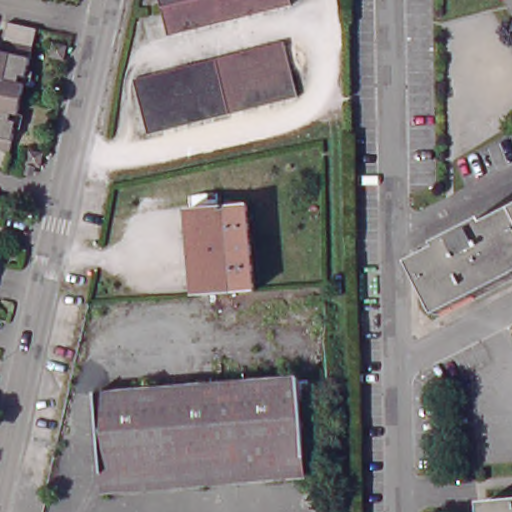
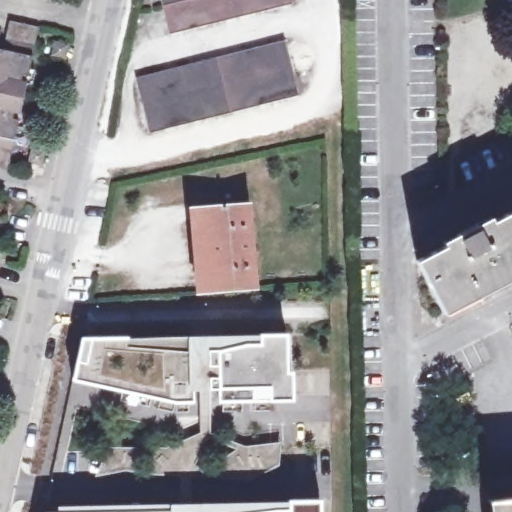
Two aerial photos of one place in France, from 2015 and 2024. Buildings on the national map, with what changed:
unchanged [(162,0),(294,0),(295,3),(170,34),(163,5),(162,0)]
unchanged [(3,18),(0,35),(0,18),(3,18)]
unchanged [(10,50),(16,21),(45,27),(34,78),(27,76),(26,82),(32,83),(27,113),(20,112),(18,118),(25,119),(15,168),(0,165),(0,49),(10,50)]
unchanged [(137,78),(285,41),(299,96),(150,133),(137,78)]
unchanged [(57,42),(70,45),(67,58),(53,54),(57,42)]
unchanged [(34,148),(47,151),(43,164),(32,161),(34,148)]
unchanged [(195,207),(250,202),(258,289),(202,294),(195,207)]
unchanged [(457,239),(477,229),(480,233),(512,216),(512,277),(442,313),(417,265),(460,243),(457,239)]
new [(109,447),(167,449),(202,430),(200,389),(193,389),(194,402),(177,403),(72,380),(80,336),(125,336),(185,335),(255,335),(283,334),(285,372),(290,372),(291,400),(267,400),(267,386),(211,389),(212,430),(245,445),(282,440),(280,463),(253,472),(192,473),(182,473),(97,476),(109,447)]
demolished [(98,402),(301,385),(308,465),(105,481),(98,402)]
new [(170,510),(170,502),(319,502),(319,512),(74,512),(170,510)]
unchanged [(512,503),(512,512),(495,512),(494,505),(512,503)]

- - -

_Task instructions_
Filter the records down to the lines containing the word "unchanged", and copy those.

_Output_
unchanged [(162,0),(294,0),(295,3),(170,34),(163,5),(162,0)]
unchanged [(3,18),(0,35),(0,18),(3,18)]
unchanged [(10,50),(16,21),(45,27),(34,78),(27,76),(26,82),(32,83),(27,113),(20,112),(18,118),(25,119),(15,168),(0,165),(0,49),(10,50)]
unchanged [(137,78),(285,41),(299,96),(150,133),(137,78)]
unchanged [(57,42),(70,45),(67,58),(53,54),(57,42)]
unchanged [(34,148),(47,151),(43,164),(32,161),(34,148)]
unchanged [(195,207),(250,202),(258,289),(202,294),(195,207)]
unchanged [(457,239),(477,229),(480,233),(512,216),(512,277),(442,313),(417,265),(460,243),(457,239)]
unchanged [(512,503),(512,512),(495,512),(494,505),(512,503)]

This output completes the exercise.